> **WHAT YOU HAVE TO DO**
The required result is a copy of each line below in which "circle" appears.

Top of RECORDS SUPPLIED

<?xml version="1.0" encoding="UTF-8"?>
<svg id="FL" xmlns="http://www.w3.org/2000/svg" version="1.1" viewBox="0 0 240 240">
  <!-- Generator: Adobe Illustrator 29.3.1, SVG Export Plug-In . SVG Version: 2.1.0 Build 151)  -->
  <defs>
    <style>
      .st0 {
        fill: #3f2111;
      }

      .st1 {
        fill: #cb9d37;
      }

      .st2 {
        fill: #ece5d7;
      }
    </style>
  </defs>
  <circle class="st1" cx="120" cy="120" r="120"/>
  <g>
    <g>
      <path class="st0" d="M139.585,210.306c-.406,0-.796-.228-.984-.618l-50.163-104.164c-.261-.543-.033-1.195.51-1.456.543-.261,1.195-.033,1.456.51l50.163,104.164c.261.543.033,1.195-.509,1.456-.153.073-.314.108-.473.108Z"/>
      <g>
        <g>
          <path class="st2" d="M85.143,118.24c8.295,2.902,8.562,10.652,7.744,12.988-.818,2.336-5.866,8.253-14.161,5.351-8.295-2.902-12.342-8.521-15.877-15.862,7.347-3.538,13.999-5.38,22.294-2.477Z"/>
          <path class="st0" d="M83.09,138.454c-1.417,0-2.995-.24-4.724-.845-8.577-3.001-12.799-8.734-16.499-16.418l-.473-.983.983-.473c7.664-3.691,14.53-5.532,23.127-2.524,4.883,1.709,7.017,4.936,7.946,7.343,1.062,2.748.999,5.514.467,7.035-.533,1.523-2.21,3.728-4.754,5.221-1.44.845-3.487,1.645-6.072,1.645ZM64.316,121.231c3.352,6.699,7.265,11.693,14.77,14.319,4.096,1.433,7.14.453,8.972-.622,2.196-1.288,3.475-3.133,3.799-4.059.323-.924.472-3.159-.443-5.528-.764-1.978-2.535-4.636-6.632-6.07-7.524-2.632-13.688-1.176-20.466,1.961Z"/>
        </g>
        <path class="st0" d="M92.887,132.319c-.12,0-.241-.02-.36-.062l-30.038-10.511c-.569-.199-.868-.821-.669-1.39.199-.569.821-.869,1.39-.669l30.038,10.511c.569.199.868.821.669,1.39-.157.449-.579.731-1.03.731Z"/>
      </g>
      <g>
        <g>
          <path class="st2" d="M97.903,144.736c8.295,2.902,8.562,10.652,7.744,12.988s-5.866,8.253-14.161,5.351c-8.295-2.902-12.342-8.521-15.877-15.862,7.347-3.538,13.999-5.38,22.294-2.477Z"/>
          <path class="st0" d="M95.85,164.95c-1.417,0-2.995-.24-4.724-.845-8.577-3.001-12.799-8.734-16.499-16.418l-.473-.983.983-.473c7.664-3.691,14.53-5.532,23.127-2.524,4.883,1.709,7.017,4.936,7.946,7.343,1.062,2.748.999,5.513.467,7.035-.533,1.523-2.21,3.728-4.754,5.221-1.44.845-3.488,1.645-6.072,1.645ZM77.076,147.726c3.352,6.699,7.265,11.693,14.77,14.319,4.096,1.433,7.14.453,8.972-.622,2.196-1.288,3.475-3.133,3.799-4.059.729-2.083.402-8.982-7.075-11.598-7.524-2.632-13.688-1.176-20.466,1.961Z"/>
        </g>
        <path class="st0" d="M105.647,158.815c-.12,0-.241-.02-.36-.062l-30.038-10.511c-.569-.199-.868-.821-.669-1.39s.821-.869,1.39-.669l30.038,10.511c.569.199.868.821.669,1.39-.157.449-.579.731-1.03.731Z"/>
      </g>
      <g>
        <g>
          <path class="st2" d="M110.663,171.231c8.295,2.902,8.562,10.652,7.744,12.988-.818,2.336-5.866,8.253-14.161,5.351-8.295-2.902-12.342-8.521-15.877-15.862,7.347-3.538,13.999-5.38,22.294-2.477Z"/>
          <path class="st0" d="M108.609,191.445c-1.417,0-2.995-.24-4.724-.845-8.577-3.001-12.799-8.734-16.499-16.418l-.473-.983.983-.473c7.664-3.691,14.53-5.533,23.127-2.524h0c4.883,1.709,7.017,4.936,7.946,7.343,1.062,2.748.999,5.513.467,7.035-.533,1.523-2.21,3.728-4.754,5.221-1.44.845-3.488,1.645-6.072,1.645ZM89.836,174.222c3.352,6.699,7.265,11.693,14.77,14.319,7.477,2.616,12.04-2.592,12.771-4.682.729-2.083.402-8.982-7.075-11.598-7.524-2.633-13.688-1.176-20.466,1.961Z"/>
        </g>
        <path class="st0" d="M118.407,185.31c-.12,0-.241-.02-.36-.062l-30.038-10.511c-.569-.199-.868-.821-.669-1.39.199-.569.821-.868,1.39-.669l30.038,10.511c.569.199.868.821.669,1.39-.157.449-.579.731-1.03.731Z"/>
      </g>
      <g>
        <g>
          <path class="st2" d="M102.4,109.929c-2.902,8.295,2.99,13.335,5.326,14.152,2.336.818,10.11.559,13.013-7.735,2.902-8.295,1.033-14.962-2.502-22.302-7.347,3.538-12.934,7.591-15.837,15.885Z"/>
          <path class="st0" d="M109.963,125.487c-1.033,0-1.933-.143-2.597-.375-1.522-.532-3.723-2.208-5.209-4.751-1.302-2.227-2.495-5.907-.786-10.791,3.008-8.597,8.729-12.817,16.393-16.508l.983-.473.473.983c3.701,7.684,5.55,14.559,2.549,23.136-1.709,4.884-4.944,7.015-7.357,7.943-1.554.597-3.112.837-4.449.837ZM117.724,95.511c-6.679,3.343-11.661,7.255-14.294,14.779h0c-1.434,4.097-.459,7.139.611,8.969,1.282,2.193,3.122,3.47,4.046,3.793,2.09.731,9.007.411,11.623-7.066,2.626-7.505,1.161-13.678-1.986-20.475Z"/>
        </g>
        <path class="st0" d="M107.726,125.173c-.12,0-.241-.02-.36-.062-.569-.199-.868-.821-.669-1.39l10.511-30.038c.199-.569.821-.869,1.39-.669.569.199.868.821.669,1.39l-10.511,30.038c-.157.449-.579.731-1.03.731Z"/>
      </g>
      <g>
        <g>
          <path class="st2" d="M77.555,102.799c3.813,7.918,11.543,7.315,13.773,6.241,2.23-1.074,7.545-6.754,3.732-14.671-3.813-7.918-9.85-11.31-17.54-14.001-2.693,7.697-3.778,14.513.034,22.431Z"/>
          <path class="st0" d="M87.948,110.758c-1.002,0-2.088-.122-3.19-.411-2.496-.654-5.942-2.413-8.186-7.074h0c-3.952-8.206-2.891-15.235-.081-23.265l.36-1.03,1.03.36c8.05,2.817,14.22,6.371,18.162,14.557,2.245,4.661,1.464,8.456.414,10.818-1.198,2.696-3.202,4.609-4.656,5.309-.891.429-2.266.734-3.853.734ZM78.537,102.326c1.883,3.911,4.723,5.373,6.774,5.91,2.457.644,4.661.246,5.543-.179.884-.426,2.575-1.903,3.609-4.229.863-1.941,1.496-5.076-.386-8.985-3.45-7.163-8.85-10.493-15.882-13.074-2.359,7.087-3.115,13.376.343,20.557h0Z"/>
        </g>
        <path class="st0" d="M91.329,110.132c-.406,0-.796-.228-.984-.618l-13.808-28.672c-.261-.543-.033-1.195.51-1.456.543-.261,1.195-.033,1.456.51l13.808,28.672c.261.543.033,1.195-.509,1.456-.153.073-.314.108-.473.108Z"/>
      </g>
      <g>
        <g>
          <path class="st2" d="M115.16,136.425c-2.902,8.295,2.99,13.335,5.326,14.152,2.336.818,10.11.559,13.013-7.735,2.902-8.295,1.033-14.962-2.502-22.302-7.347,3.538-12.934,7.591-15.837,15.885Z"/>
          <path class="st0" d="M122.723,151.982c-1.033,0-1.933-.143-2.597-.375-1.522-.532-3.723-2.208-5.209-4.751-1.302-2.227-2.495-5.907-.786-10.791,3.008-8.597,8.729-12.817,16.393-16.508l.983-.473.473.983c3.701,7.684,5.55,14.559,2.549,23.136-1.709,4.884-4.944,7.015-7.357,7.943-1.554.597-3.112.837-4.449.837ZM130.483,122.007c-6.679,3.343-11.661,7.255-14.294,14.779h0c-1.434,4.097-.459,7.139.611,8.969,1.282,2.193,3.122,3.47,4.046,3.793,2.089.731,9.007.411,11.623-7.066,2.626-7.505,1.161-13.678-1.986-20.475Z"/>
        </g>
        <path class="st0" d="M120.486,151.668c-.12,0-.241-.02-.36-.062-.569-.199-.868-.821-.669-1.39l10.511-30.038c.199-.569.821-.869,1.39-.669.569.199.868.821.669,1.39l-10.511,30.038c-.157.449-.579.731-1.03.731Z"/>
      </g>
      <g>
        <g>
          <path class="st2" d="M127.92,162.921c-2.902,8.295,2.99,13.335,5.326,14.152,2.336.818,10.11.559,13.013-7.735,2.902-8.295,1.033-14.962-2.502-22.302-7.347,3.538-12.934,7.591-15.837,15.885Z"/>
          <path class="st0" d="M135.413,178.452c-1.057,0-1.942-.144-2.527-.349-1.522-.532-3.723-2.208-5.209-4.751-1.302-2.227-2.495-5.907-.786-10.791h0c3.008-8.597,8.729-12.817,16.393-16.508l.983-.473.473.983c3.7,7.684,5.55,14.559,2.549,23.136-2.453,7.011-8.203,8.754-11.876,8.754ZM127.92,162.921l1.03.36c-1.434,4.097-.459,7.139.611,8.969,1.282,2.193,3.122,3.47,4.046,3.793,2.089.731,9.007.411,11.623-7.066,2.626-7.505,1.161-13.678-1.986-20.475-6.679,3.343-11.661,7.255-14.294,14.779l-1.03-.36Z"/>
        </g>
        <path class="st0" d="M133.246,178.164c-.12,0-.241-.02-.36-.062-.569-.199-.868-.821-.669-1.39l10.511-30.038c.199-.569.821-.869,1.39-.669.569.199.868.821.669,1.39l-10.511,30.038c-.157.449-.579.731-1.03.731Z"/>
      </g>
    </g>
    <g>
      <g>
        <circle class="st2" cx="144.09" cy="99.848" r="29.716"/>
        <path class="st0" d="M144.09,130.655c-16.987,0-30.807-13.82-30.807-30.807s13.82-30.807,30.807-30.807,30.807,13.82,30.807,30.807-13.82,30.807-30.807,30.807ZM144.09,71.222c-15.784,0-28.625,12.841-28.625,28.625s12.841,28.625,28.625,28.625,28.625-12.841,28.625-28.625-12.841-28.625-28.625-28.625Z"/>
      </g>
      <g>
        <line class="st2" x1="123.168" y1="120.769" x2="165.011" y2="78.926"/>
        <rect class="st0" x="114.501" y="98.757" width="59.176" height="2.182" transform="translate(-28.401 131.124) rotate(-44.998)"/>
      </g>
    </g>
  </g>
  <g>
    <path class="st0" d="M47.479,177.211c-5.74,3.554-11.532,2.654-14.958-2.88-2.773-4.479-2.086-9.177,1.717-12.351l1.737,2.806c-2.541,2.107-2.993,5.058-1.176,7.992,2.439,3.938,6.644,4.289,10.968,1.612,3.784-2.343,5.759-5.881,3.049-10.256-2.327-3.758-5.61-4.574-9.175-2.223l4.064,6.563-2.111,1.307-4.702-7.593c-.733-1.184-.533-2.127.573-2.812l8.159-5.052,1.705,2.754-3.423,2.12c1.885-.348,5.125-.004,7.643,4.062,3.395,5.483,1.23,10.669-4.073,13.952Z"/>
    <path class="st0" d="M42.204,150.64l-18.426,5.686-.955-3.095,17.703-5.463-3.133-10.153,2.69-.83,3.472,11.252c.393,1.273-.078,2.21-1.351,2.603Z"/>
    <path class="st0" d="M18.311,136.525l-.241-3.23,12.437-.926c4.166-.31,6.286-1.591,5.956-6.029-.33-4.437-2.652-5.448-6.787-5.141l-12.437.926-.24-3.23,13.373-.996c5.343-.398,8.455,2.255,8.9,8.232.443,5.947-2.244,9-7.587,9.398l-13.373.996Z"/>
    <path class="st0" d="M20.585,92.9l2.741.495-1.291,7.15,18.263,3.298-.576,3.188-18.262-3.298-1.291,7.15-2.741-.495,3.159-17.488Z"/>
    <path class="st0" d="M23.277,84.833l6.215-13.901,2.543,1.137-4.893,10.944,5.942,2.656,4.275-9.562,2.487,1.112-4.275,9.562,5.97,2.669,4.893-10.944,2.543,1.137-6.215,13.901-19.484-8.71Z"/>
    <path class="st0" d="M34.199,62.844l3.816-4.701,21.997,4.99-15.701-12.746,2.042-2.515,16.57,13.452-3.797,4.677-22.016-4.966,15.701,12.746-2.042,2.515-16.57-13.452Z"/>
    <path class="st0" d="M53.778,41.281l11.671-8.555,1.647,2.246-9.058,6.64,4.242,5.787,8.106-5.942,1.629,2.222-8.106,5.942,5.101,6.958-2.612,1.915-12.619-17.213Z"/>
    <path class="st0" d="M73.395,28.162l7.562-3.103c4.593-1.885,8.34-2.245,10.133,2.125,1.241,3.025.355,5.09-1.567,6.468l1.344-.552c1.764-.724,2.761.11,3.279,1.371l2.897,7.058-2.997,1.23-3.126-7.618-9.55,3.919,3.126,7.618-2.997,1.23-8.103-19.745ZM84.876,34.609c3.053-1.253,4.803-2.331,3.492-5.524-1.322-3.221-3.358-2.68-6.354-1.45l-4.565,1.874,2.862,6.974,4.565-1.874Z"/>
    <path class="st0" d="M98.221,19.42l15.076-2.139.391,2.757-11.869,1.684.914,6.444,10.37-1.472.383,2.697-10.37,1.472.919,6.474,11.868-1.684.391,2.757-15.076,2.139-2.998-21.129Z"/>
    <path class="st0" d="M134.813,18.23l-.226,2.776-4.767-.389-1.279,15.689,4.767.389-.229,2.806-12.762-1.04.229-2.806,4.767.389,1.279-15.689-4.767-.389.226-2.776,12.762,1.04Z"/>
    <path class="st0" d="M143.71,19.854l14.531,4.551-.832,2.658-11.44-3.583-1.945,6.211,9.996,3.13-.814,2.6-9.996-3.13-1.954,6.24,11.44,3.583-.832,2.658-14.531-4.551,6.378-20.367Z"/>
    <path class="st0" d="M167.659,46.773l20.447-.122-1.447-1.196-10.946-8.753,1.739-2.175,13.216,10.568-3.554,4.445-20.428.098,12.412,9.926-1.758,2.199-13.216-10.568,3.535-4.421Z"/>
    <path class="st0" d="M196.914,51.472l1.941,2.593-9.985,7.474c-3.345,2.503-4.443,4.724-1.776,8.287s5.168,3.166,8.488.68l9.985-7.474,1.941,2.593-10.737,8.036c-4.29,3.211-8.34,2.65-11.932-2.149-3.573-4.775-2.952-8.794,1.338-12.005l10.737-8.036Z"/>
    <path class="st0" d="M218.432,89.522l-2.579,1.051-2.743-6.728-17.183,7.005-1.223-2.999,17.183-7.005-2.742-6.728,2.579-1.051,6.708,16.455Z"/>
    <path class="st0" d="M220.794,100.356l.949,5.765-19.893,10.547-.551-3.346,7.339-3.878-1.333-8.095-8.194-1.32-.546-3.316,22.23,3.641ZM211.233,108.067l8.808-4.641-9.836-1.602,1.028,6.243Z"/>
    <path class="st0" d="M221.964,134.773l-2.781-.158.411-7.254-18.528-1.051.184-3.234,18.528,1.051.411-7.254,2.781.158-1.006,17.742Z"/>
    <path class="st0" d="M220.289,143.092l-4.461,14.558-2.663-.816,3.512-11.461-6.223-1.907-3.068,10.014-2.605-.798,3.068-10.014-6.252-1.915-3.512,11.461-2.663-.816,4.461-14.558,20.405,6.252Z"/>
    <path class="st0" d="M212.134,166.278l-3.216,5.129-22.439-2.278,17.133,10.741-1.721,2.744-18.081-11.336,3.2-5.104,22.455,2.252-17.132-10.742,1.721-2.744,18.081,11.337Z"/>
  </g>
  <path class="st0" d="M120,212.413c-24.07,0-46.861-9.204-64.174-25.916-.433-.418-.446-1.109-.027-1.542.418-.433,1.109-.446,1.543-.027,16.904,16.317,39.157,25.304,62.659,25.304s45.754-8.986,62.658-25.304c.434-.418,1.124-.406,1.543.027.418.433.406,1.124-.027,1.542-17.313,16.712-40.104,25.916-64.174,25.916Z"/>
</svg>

Bottom of RECORDS SUPPLIED

> **TASK OUTPUT**
  <circle class="st1" cx="120" cy="120" r="120"/>
        <circle class="st2" cx="144.09" cy="99.848" r="29.716"/>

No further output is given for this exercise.